How Many Rooms in My Head?
Last night I had a dream. My husband an I were renovating a vast old home. Rooms were numerous and work was going on all around. I had an herbal class I needed to teach, but there was so much other work I kept losing my way and teaching the wrong thing and frustrating myself and my students.
I woke peacefully enough and knew, of course, what my dream was telling me. How many of us have too much going on in our heads? We are fed the lie, "you can do it all, and have it all. There's nothing that can stop you from fulfilling all your dreams." And yet, there is. There is the beautiful realization that a peaceful life demands a slowing down, a refining of priorities.
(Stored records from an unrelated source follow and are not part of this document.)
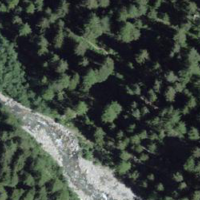
EUNIS habitat code: 43
Species observed at this site:
Vicia sylvatica
Chrysotoxum bicincta
Ophrys insectifera
Neottia nidus-avis
Dolichovespula sylvestris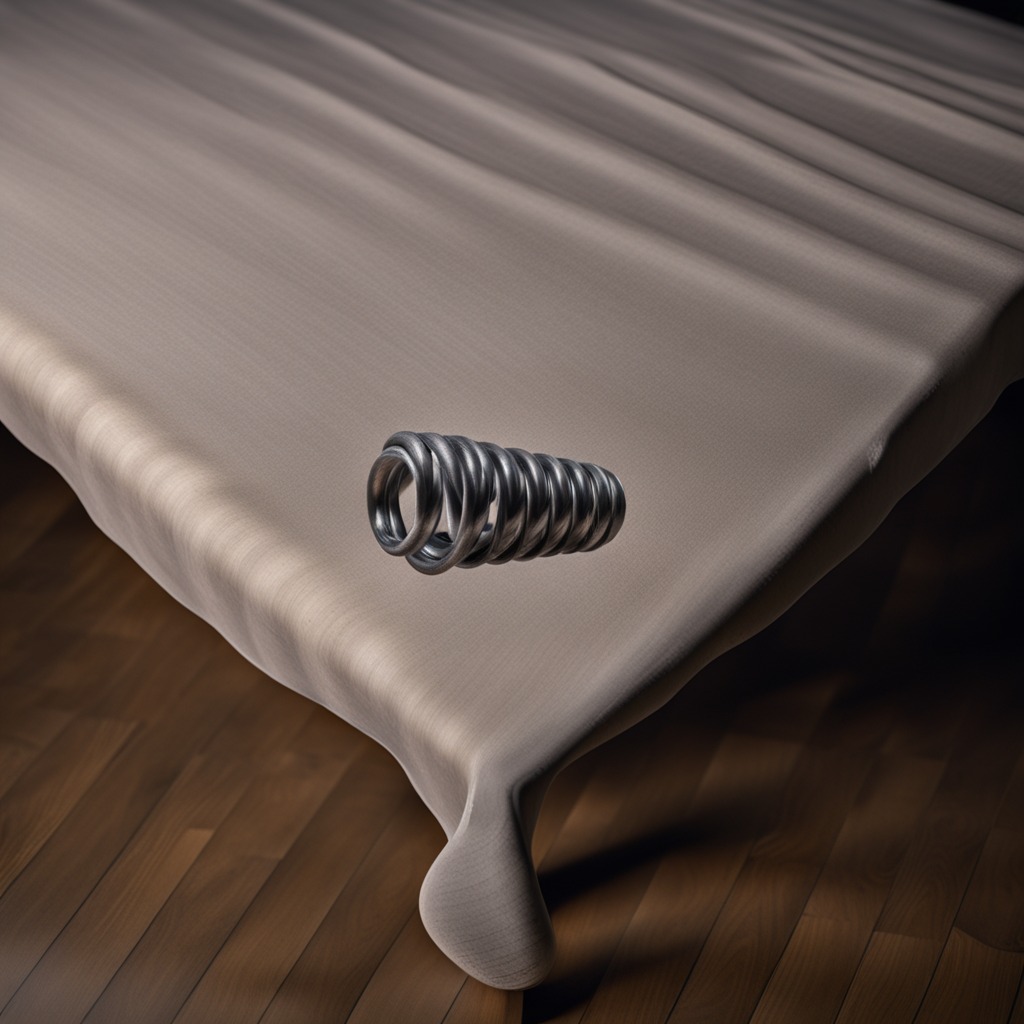
A coiled metal spring is lying on a wooden table inside a workshop at night.
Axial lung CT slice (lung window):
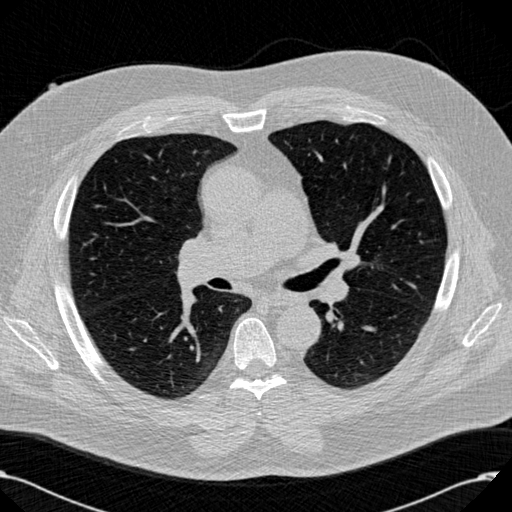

It means saying "no" to myself and others and only saying "yes" to the necessary wonderfuls of life, whether they are delicious, dangerous or just good old mundanities.
Spring flings herself against my head and I want to take on the garden, my goats, the shop, sewing more clothes, dinners with friends, singing, grandchildren, long walks with the dogs. road trips with my husband. I have a million wonderfuls in my life. A billion blessings. And I must choose. Or I will not find peace in my head, or enjoy all that I have and all those I love.
Over and over again I come to this place. To be good at something does not mean I have to do it. To enjoy creating does not mean I need to make money at it. Just because others want me to participate, does not mean I need to. I love to please. How many of us don't?
This spring I will please myself. I will listen to the happy chewing of my goat as I lean against her flank and milk creamy streams into my stainless steel bowl. I will walk the dogs and let my husband lay his head on my lap in the evening. I will choose a gentle Spring this year.